* What to do *
Pictures must be dropped from the copy of the entries below; all else is returned exactly.

* Data *
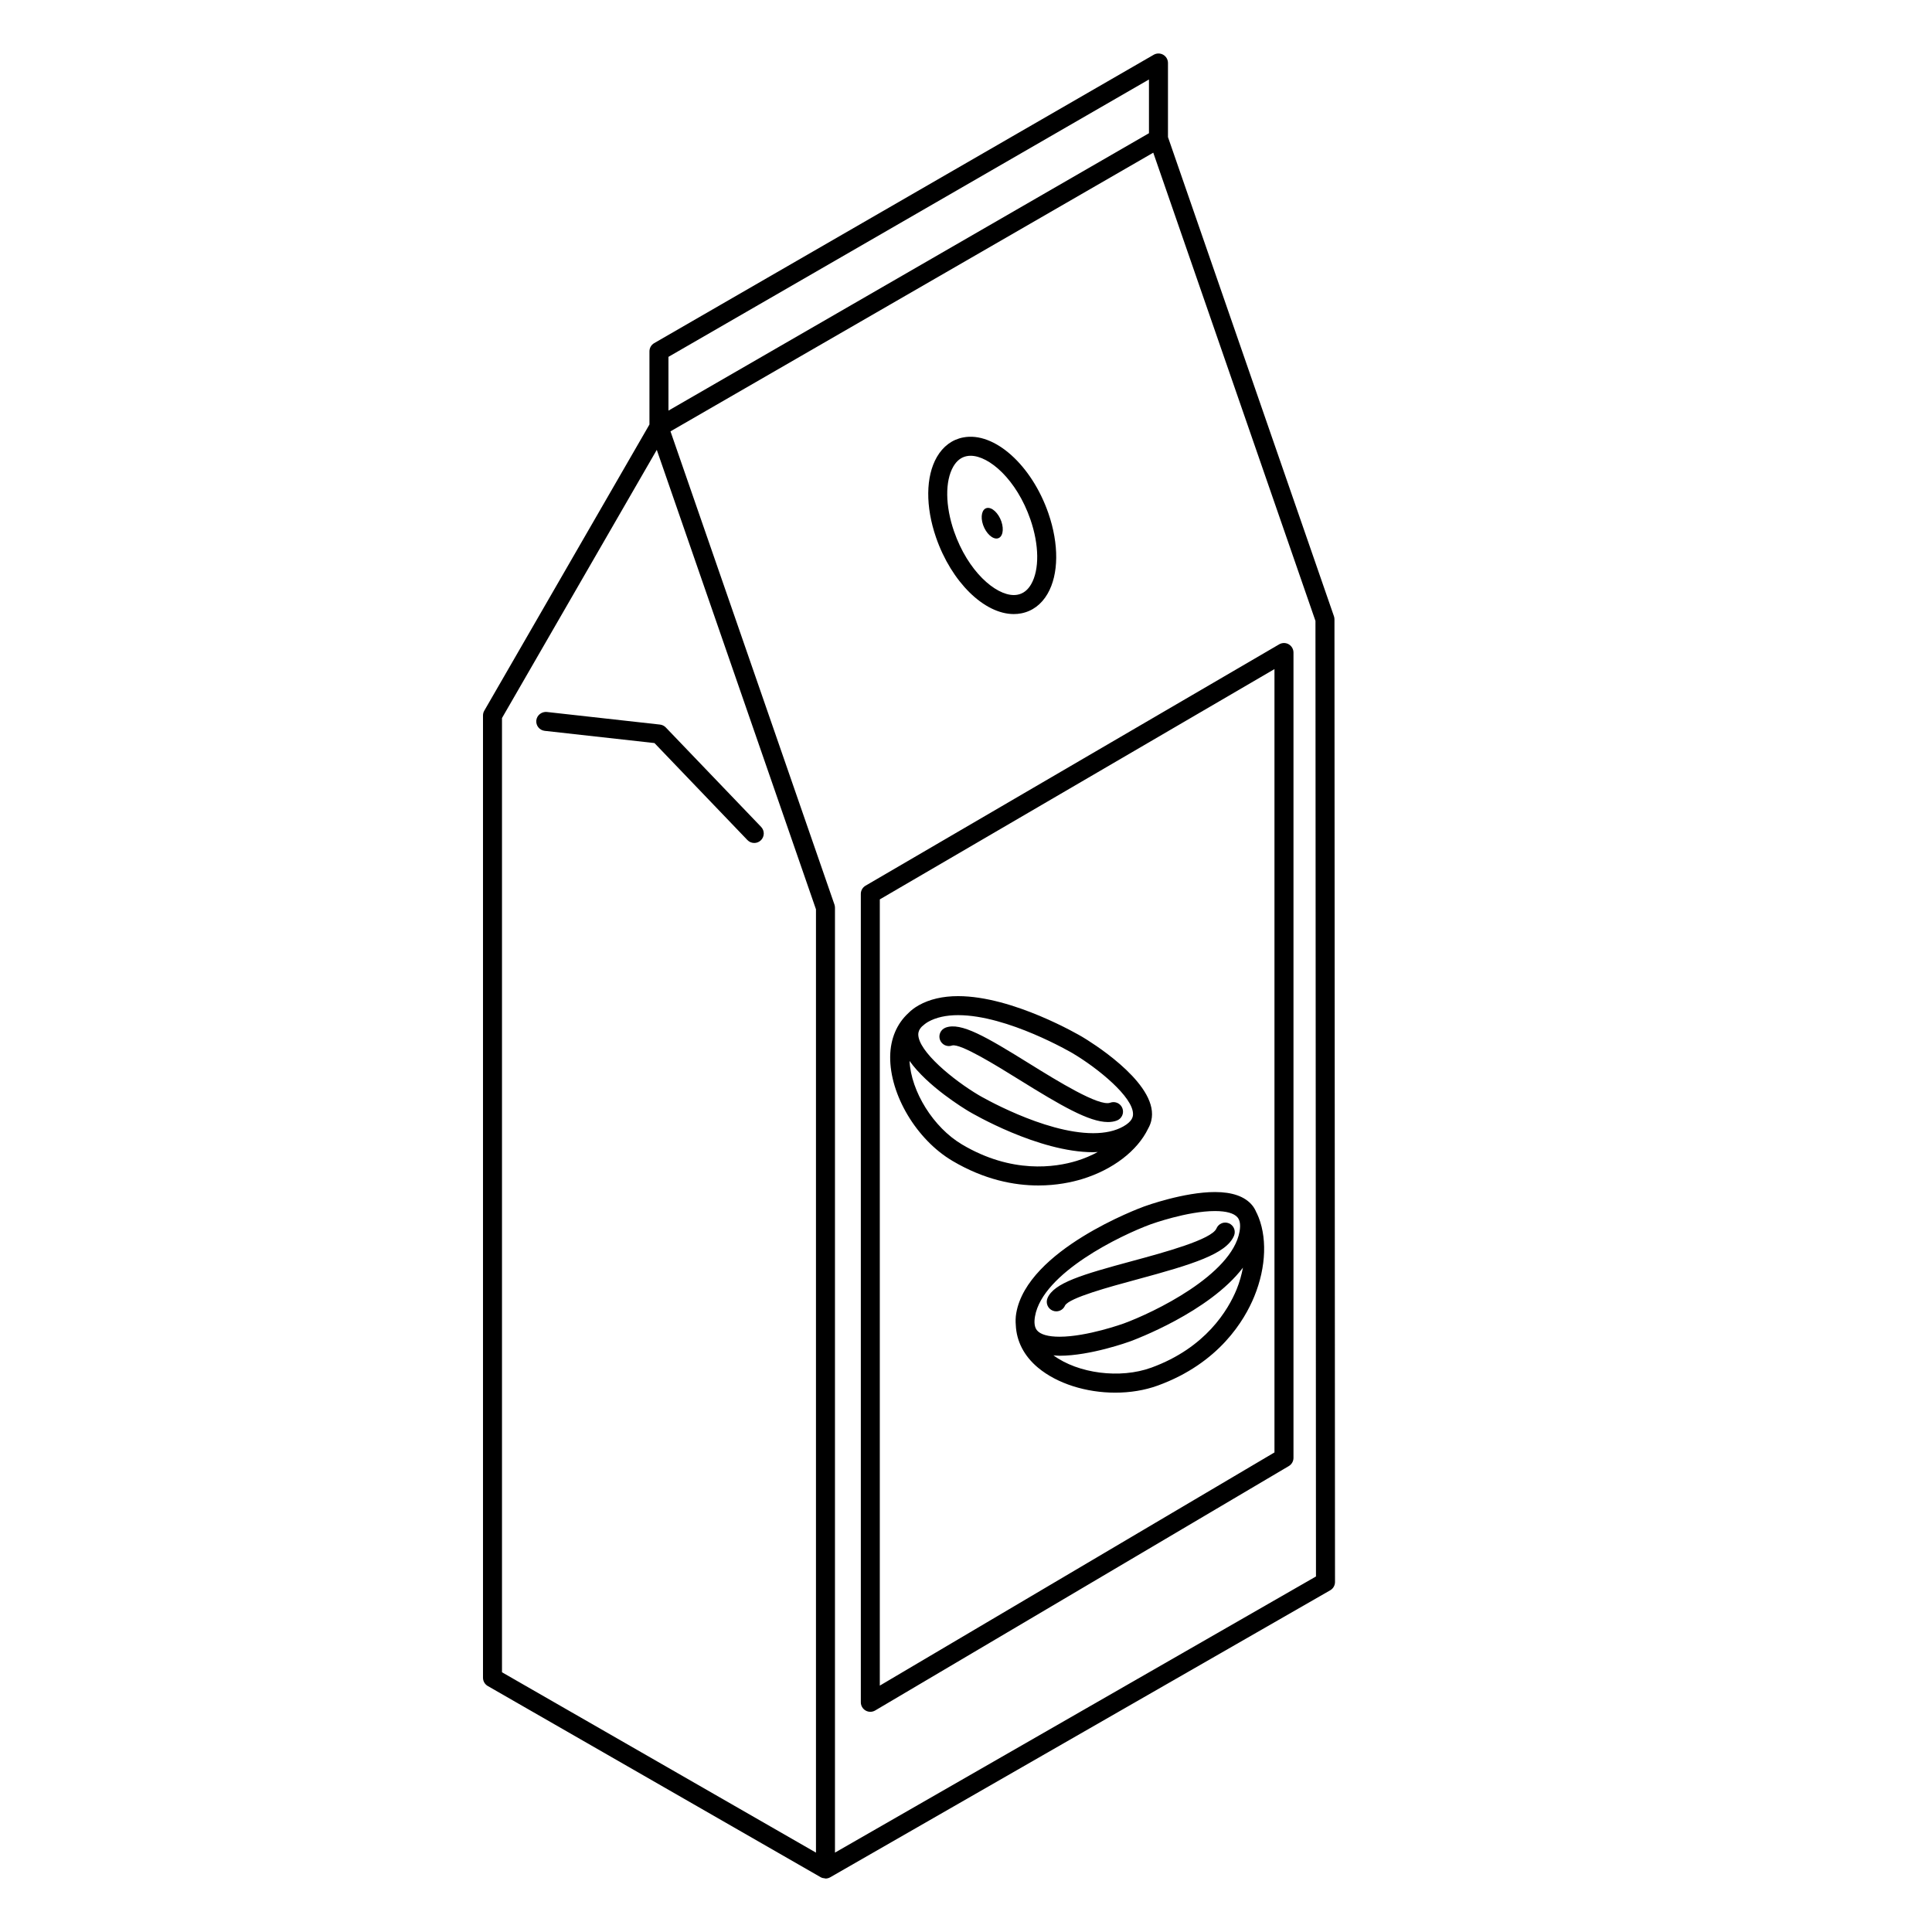 <?xml version="1.0" encoding="UTF-8"?>
<!-- The Best Svg Icon site in the world: iconSvg.co, Visit us! https://iconsvg.co -->
<svg fill="#000000" width="800px" height="800px" version="1.1" viewBox="144 144 512 512" xmlns="http://www.w3.org/2000/svg">
 <path d="m396.38 451.63c8.48 5.023 16.375 6.531 22.797 6.531 4.836 0 8.844-0.855 11.621-1.703 8.105-2.481 14.629-7.473 17.473-13.375l0.047-0.082c0-0.004 0.004-0.004 0.004-0.012v-0.004c0.734-1.309 0.969-2.594 0.977-3.656 0.105-9.246-16.586-19.418-18.484-20.547-0.742-0.438-18.367-10.797-32.91-10.797-4.055 0-7.562 0.816-10.418 2.418-1.152 0.648-2.047 1.355-2.754 2.074-3.047 2.805-4.766 6.762-4.828 11.516-0.109 10.125 6.973 22.012 16.477 27.637zm-8.031-35.625c0.488-0.422 0.984-0.848 1.578-1.184 0.012-0.004 0.016-0.012 0.031-0.02 2.098-1.18 4.769-1.777 7.949-1.777 13.148 0 30.172 9.992 30.34 10.09 6.688 3.965 16.07 11.594 16.016 16.152-0.004 0.781-0.289 1.969-2.594 3.266-2.102 1.18-4.777 1.773-7.961 1.773-13.156 0-30.172-9.984-30.34-10.086-6.688-3.969-16.07-11.602-16.016-16.152 0.012-0.523 0.195-1.25 0.996-2.062zm12.453 22.551c0.742 0.438 18.367 10.793 32.914 10.793 0.418 0 0.801-0.047 1.211-0.059-1.727 0.938-3.602 1.742-5.598 2.352-5.68 1.734-17.191 3.481-30.379-4.344-7.609-4.508-13.508-14.043-13.914-22.148 4.777 6.731 14.352 12.566 15.766 13.406zm-4.457-17.496c2.223-0.559 11.637 5.266 17.855 9.129 10.902 6.766 18.402 11.164 23.418 11.164 0.855 0 1.641-0.125 2.359-0.398 1.301-0.488 1.965-1.941 1.477-3.246-0.488-1.301-1.934-1.965-3.246-1.477-2.926 1.078-14.02-5.777-21.352-10.328-11.492-7.133-18.203-11.094-22.254-9.574-1.305 0.488-1.98 1.941-1.492 3.246 0.488 1.309 1.922 1.969 3.234 1.484zm16.977 70.902c-0.203 1.152-0.211 2.207-0.125 3.211 0.188 4.219 2.141 8.137 5.856 11.246 5.141 4.301 12.863 6.648 20.504 6.648 3.906 0 7.793-0.613 11.305-1.895 16.234-5.926 22.965-17.32 25.531-23.59 3.234-7.891 3.488-16.148 0.672-22.094-0.016-0.035-0.051-0.055-0.07-0.09-0.301-0.73-0.672-1.422-1.18-2.023-1.934-2.309-5.25-3.473-9.84-3.473-8.191 0-18.305 3.656-18.73 3.809-1.266 0.457-30.98 11.492-33.922 28.25zm58.406-6.293c-2.254 5.496-8.188 15.508-22.602 20.766-8.305 3.031-19.418 1.559-25.957-3.258 0.539 0.035 1.043 0.109 1.629 0.109 8.191 0 18.312-3.664 18.738-3.82 1.031-0.379 20.914-7.758 29.859-19.527-0.371 1.906-0.887 3.824-1.668 5.731zm-5.754-20.73c2.988 0 5.059 0.578 5.981 1.676 0.66 0.781 0.84 2.039 0.543 3.738-2.031 11.539-22.848 21.512-30.691 24.379-0.098 0.035-9.719 3.512-17.008 3.512-2.988 0-5.047-0.578-5.969-1.676-0.656-0.781-0.84-2.039-0.539-3.738 2.023-11.543 22.836-21.52 30.688-24.391 0.09-0.031 9.688-3.5 16.996-3.5zm-44.375 23.078c-0.535 1.285 0.066 2.769 1.355 3.305 0.316 0.133 0.645 0.195 0.973 0.195 0.984 0 1.914-0.578 2.316-1.547 1.125-2.051 11.934-4.977 19.09-6.914 14.637-3.961 23.676-6.715 25.695-11.578 0.535-1.285-0.074-2.762-1.359-3.293-1.285-0.535-2.754 0.074-3.293 1.359-1.219 2.934-13.941 6.375-22.359 8.652-13.191 3.566-20.738 5.781-22.418 9.82zm76.047-179.89c0-0.277-0.047-0.559-0.137-0.82l-43.984-126.98v-19.637c0-0.902-0.48-1.734-1.258-2.18-0.777-0.449-1.742-0.449-2.519 0l-132.38 76.422c-0.781 0.449-1.258 1.281-1.258 2.18v19.383l-43.777 75.855c-0.223 0.383-0.336 0.816-0.336 1.258v255.01c0 0.902 0.484 1.734 1.266 2.188l88.246 50.684h0.004c0.328 0.188 0.699 0.258 1.074 0.289 0.059 0.004 0.117 0.051 0.172 0.051 0.422 0 0.855-0.105 1.254-0.332l132.51-76.059c0.781-0.449 1.266-1.285 1.266-2.188zm-176.5-69.559 127.34-73.508v14.242l-78.859 45.523-48.477 27.988zm39.09 396.39-83.203-47.793v-252.88l41.02-71.074 42.188 121.77v249.98zm5.039 0v-250.41c0-0.281-0.047-0.559-0.137-0.828l-43.453-125.41 127.94-73.852 42.984 124.09 0.137 253.23zm-79.148-300.06c-0.152 1.379 0.84 2.625 2.227 2.781l29.086 3.238 24.625 25.699c0.492 0.516 1.152 0.777 1.82 0.777 0.629 0 1.254-0.23 1.742-0.699 1.004-0.961 1.039-2.555 0.074-3.562l-25.262-26.355c-0.406-0.422-0.953-0.695-1.543-0.762l-29.992-3.34c-1.336-0.125-2.617 0.84-2.777 2.223zm126.54-28.168c0.664 0 1.324-0.059 1.969-0.188 2.938-0.562 5.352-2.363 6.988-5.199 2.973-5.148 3.043-13.125 0.203-21.34-4.414-12.742-14.328-21.68-22.574-20.078-2.934 0.562-5.34 2.359-6.973 5.188-2.973 5.148-3.055 13.129-0.211 21.348 4.07 11.746 12.734 20.27 20.598 20.27zm-16.031-39.09c0.898-1.547 2.098-2.481 3.566-2.762 0.336-0.066 0.676-0.098 1.023-0.098 4.914 0 12.184 6.312 15.84 16.871 2.336 6.75 2.414 13.332 0.195 17.176-0.898 1.551-2.102 2.484-3.57 2.766-0.332 0.066-0.676 0.098-1.02 0.098-4.906 0-12.176-6.312-15.844-16.879-2.336-6.746-2.406-13.328-0.191-17.172zm11.711 19.047c1.34-0.258 1.789-2.273 1.023-4.5-0.777-2.223-2.481-3.824-3.82-3.566-1.328 0.262-1.789 2.273-1.023 4.5 0.781 2.219 2.496 3.82 3.82 3.566zm77.172 28.051c-0.781-0.449-1.75-0.441-2.523 0.012l-109.62 63.965c-0.777 0.449-1.25 1.281-1.25 2.176v214.23c0 0.906 0.484 1.738 1.27 2.188 0.387 0.223 0.82 0.332 1.25 0.332 0.441 0 0.887-0.117 1.281-0.348l109.62-64.773c0.766-0.453 1.238-1.281 1.238-2.172v-213.42c0-0.902-0.484-1.734-1.266-2.188zm-3.773 214.17-104.59 61.797v-208.36l104.59-61.031z"/>
</svg>

* Solution *
 <?xml version="1.0" encoding="UTF-8"?>
<!-- The Best Svg Icon site in the world: iconSvg.co, Visit us! https://iconsvg.co -->
<svg fill="#000000" width="800px" height="800px" version="1.1" viewBox="144 144 512 512" xmlns="http://www.w3.org/2000/svg">
 <path d="m396.38 451.63c8.48 5.023 16.375 6.531 22.797 6.531 4.836 0 8.844-0.855 11.621-1.703 8.105-2.481 14.629-7.473 17.473-13.375l0.047-0.082c0-0.004 0.004-0.004 0.004-0.012v-0.004c0.734-1.309 0.969-2.594 0.977-3.656 0.105-9.246-16.586-19.418-18.484-20.547-0.742-0.438-18.367-10.797-32.91-10.797-4.055 0-7.562 0.816-10.418 2.418-1.152 0.648-2.047 1.355-2.754 2.074-3.047 2.805-4.766 6.762-4.828 11.516-0.109 10.125 6.973 22.012 16.477 27.637zm-8.031-35.625c0.488-0.422 0.984-0.848 1.578-1.184 0.012-0.004 0.016-0.012 0.031-0.02 2.098-1.18 4.769-1.777 7.949-1.777 13.148 0 30.172 9.992 30.34 10.09 6.688 3.965 16.07 11.594 16.016 16.152-0.004 0.781-0.289 1.969-2.594 3.266-2.102 1.18-4.777 1.773-7.961 1.773-13.156 0-30.172-9.984-30.34-10.086-6.688-3.969-16.07-11.602-16.016-16.152 0.012-0.523 0.195-1.25 0.996-2.062zm12.453 22.551c0.742 0.438 18.367 10.793 32.914 10.793 0.418 0 0.801-0.047 1.211-0.059-1.727 0.938-3.602 1.742-5.598 2.352-5.68 1.734-17.191 3.481-30.379-4.344-7.609-4.508-13.508-14.043-13.914-22.148 4.777 6.731 14.352 12.566 15.766 13.406zm-4.457-17.496c2.223-0.559 11.637 5.266 17.855 9.129 10.902 6.766 18.402 11.164 23.418 11.164 0.855 0 1.641-0.125 2.359-0.398 1.301-0.488 1.965-1.941 1.477-3.246-0.488-1.301-1.934-1.965-3.246-1.477-2.926 1.078-14.02-5.777-21.352-10.328-11.492-7.133-18.203-11.094-22.254-9.574-1.305 0.488-1.98 1.941-1.492 3.246 0.488 1.309 1.922 1.969 3.234 1.484zm16.977 70.902c-0.203 1.152-0.211 2.207-0.125 3.211 0.188 4.219 2.141 8.137 5.856 11.246 5.141 4.301 12.863 6.648 20.504 6.648 3.906 0 7.793-0.613 11.305-1.895 16.234-5.926 22.965-17.32 25.531-23.59 3.234-7.891 3.488-16.148 0.672-22.094-0.016-0.035-0.051-0.055-0.07-0.09-0.301-0.73-0.672-1.422-1.18-2.023-1.934-2.309-5.25-3.473-9.84-3.473-8.191 0-18.305 3.656-18.73 3.809-1.266 0.457-30.98 11.492-33.922 28.25zm58.406-6.293c-2.254 5.496-8.188 15.508-22.602 20.766-8.305 3.031-19.418 1.559-25.957-3.258 0.539 0.035 1.043 0.109 1.629 0.109 8.191 0 18.312-3.664 18.738-3.82 1.031-0.379 20.914-7.758 29.859-19.527-0.371 1.906-0.887 3.824-1.668 5.731zm-5.754-20.73c2.988 0 5.059 0.578 5.981 1.676 0.66 0.781 0.84 2.039 0.543 3.738-2.031 11.539-22.848 21.512-30.691 24.379-0.098 0.035-9.719 3.512-17.008 3.512-2.988 0-5.047-0.578-5.969-1.676-0.656-0.781-0.84-2.039-0.539-3.738 2.023-11.543 22.836-21.52 30.688-24.391 0.09-0.031 9.688-3.5 16.996-3.5zm-44.375 23.078c-0.535 1.285 0.066 2.769 1.355 3.305 0.316 0.133 0.645 0.195 0.973 0.195 0.984 0 1.914-0.578 2.316-1.547 1.125-2.051 11.934-4.977 19.09-6.914 14.637-3.961 23.676-6.715 25.695-11.578 0.535-1.285-0.074-2.762-1.359-3.293-1.285-0.535-2.754 0.074-3.293 1.359-1.219 2.934-13.941 6.375-22.359 8.652-13.191 3.566-20.738 5.781-22.418 9.82zm76.047-179.89c0-0.277-0.047-0.559-0.137-0.82l-43.984-126.98v-19.637c0-0.902-0.48-1.734-1.258-2.18-0.777-0.449-1.742-0.449-2.519 0l-132.38 76.422c-0.781 0.449-1.258 1.281-1.258 2.18v19.383l-43.777 75.855c-0.223 0.383-0.336 0.816-0.336 1.258v255.01c0 0.902 0.484 1.734 1.266 2.188l88.246 50.684h0.004c0.328 0.188 0.699 0.258 1.074 0.289 0.059 0.004 0.117 0.051 0.172 0.051 0.422 0 0.855-0.105 1.254-0.332l132.51-76.059c0.781-0.449 1.266-1.285 1.266-2.188zm-176.5-69.559 127.34-73.508v14.242l-78.859 45.523-48.477 27.988zm39.09 396.39-83.203-47.793v-252.88l41.02-71.074 42.188 121.77v249.98zm5.039 0v-250.41c0-0.281-0.047-0.559-0.137-0.828l-43.453-125.41 127.94-73.852 42.984 124.09 0.137 253.23zm-79.148-300.06c-0.152 1.379 0.84 2.625 2.227 2.781l29.086 3.238 24.625 25.699c0.492 0.516 1.152 0.777 1.82 0.777 0.629 0 1.254-0.23 1.742-0.699 1.004-0.961 1.039-2.555 0.074-3.562l-25.262-26.355c-0.406-0.422-0.953-0.695-1.543-0.762l-29.992-3.34c-1.336-0.125-2.617 0.84-2.777 2.223zm126.54-28.168c0.664 0 1.324-0.059 1.969-0.188 2.938-0.562 5.352-2.363 6.988-5.199 2.973-5.148 3.043-13.125 0.203-21.34-4.414-12.742-14.328-21.68-22.574-20.078-2.934 0.562-5.34 2.359-6.973 5.188-2.973 5.148-3.055 13.129-0.211 21.348 4.07 11.746 12.734 20.27 20.598 20.27zm-16.031-39.09c0.898-1.547 2.098-2.481 3.566-2.762 0.336-0.066 0.676-0.098 1.023-0.098 4.914 0 12.184 6.312 15.84 16.871 2.336 6.75 2.414 13.332 0.195 17.176-0.898 1.551-2.102 2.484-3.57 2.766-0.332 0.066-0.676 0.098-1.02 0.098-4.906 0-12.176-6.312-15.844-16.879-2.336-6.746-2.406-13.328-0.191-17.172zm11.711 19.047c1.34-0.258 1.789-2.273 1.023-4.5-0.777-2.223-2.481-3.824-3.82-3.566-1.328 0.262-1.789 2.273-1.023 4.5 0.781 2.219 2.496 3.82 3.82 3.566zm77.172 28.051c-0.781-0.449-1.75-0.441-2.523 0.012l-109.62 63.965c-0.777 0.449-1.25 1.281-1.25 2.176v214.23c0 0.906 0.484 1.738 1.27 2.188 0.387 0.223 0.82 0.332 1.25 0.332 0.441 0 0.887-0.117 1.281-0.348l109.62-64.773c0.766-0.453 1.238-1.281 1.238-2.172v-213.42c0-0.902-0.484-1.734-1.266-2.188zm-3.773 214.17-104.59 61.797v-208.36l104.59-61.031z"/>
</svg>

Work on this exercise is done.